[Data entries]
__________________________________________________
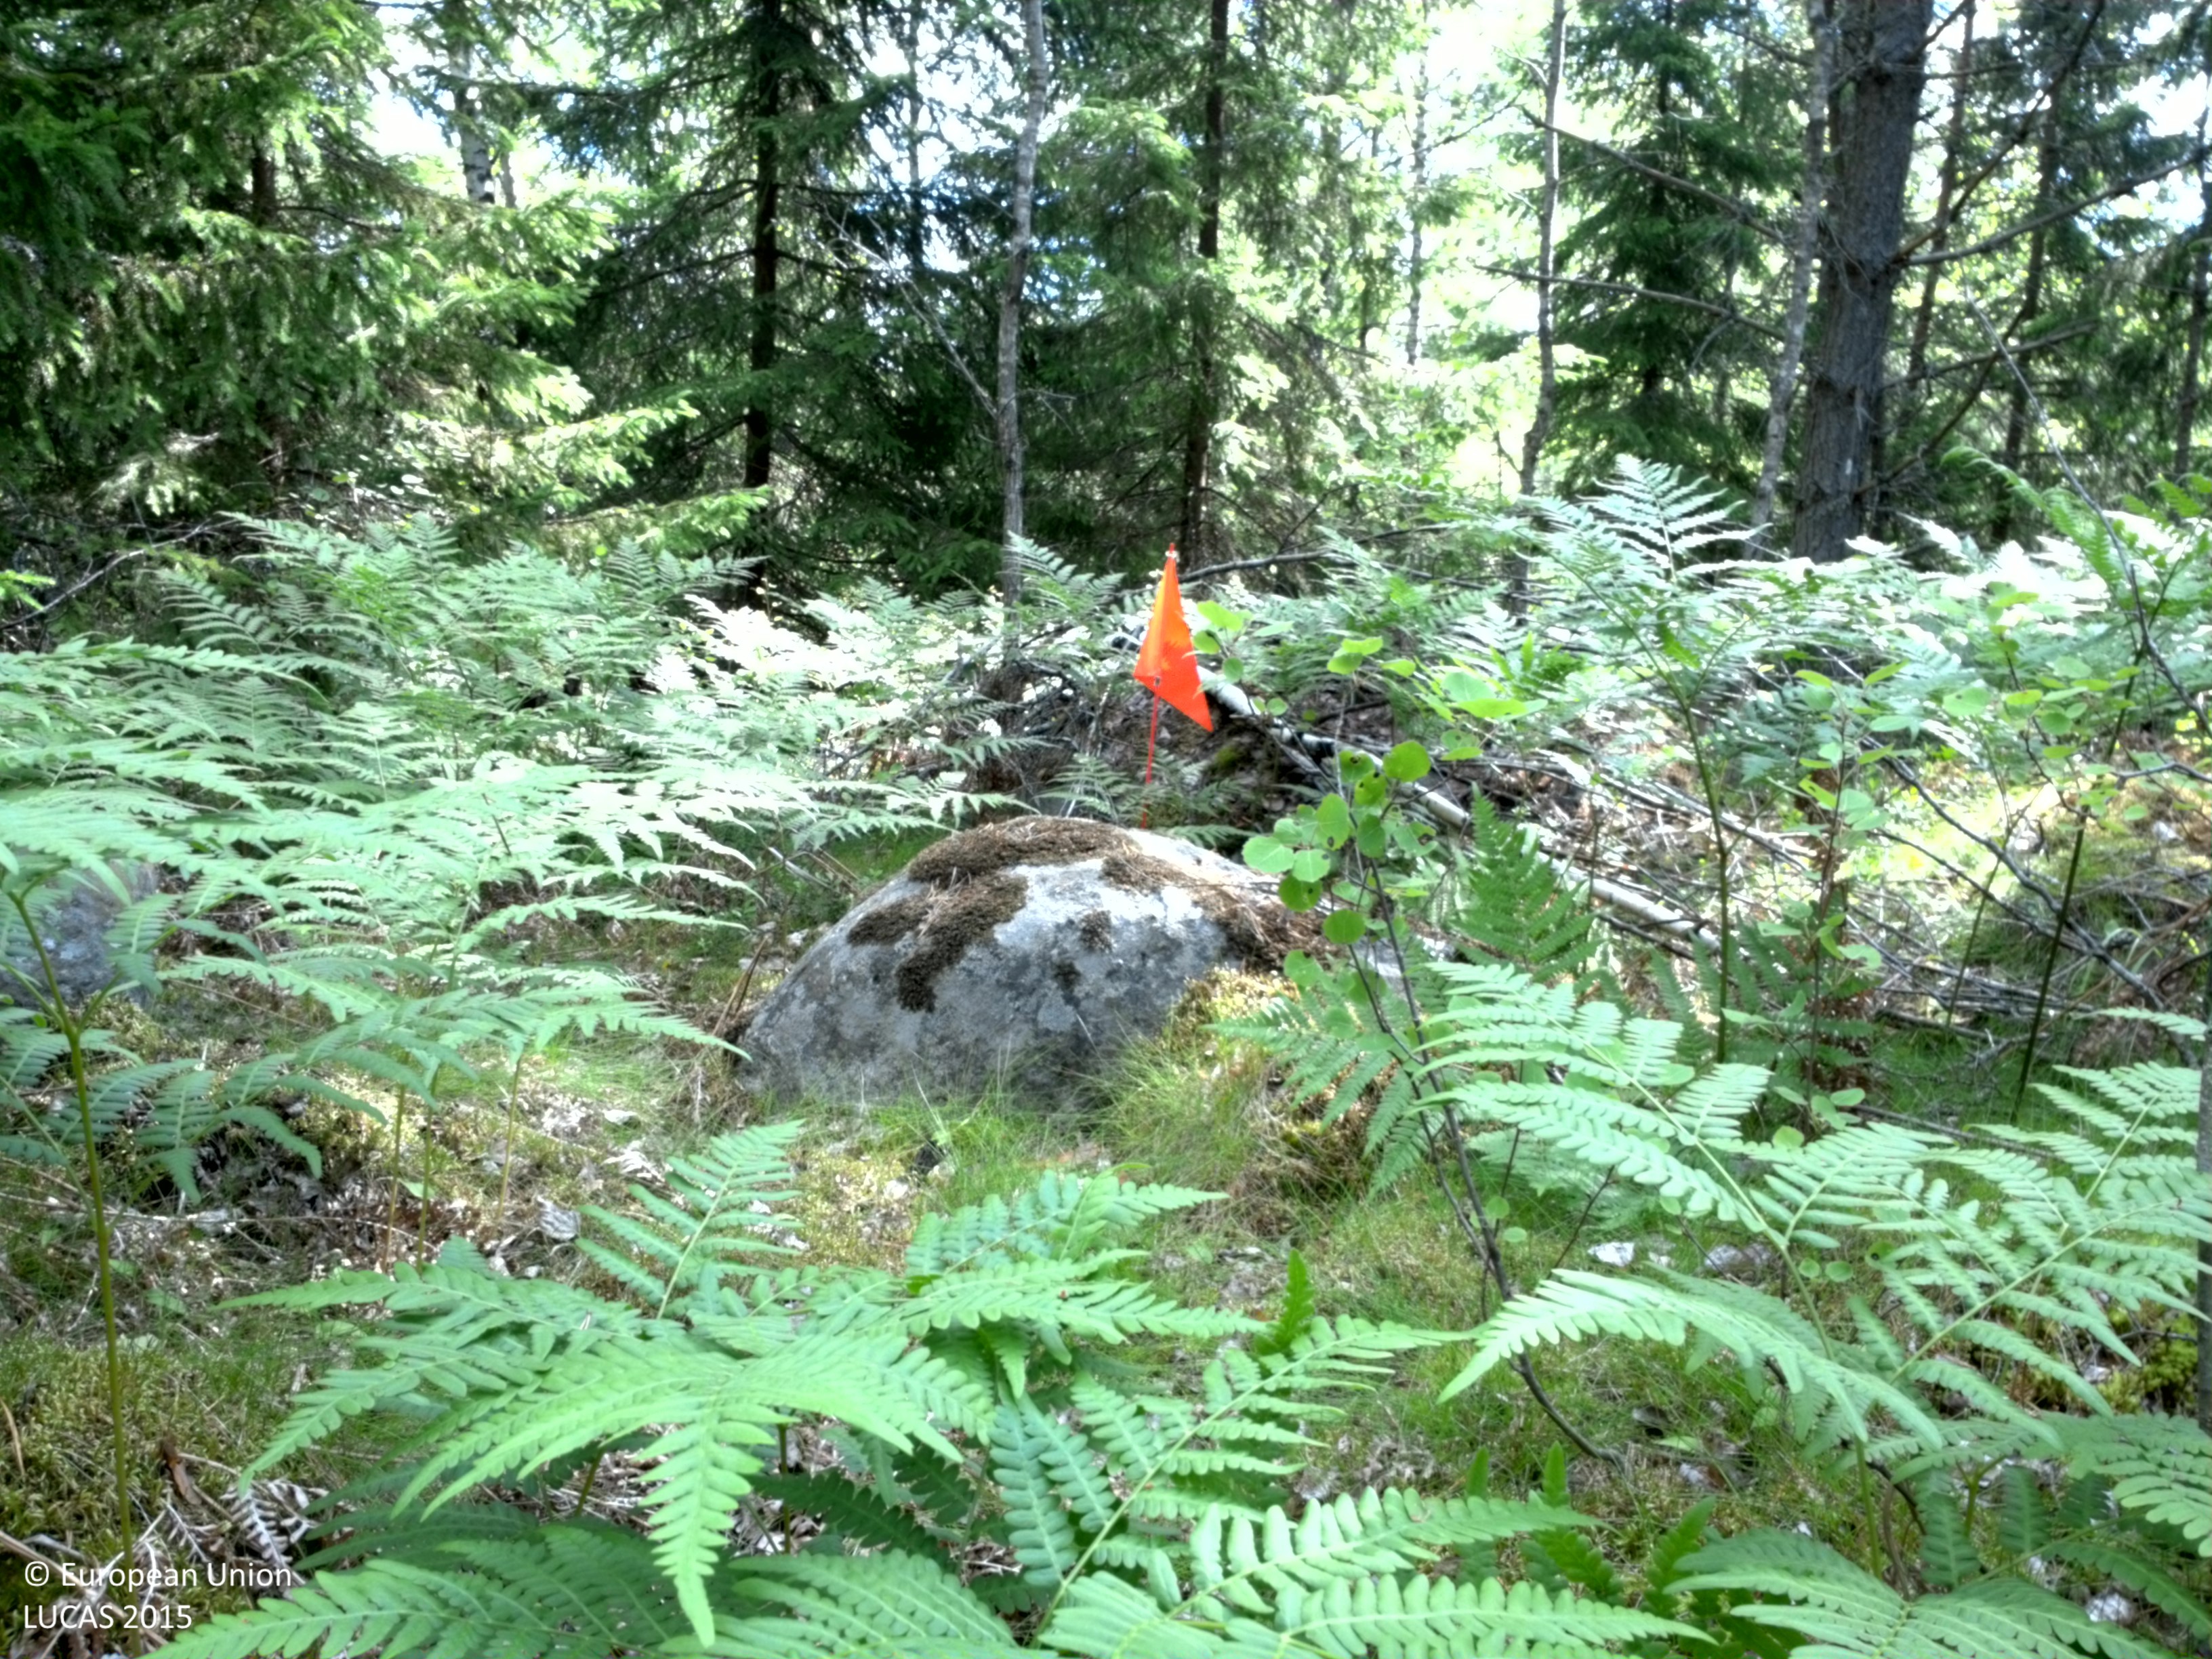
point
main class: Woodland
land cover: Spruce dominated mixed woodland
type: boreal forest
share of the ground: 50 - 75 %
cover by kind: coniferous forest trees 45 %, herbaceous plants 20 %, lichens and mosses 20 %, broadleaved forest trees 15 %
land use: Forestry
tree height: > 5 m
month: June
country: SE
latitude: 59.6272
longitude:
__________________________________________________
[Prompt]
Print the data above exactly, minus pictures.

[Solution for this task]
point
main class: Woodland
land cover: Spruce dominated mixed woodland
type: boreal forest
share of the ground: 50 - 75 %
cover by kind: coniferous forest trees 45 %, herbaceous plants 20 %, lichens and mosses 20 %, broadleaved forest trees 15 %
land use: Forestry
tree height: > 5 m
month: June
country: SE
latitude: 59.6272
longitude:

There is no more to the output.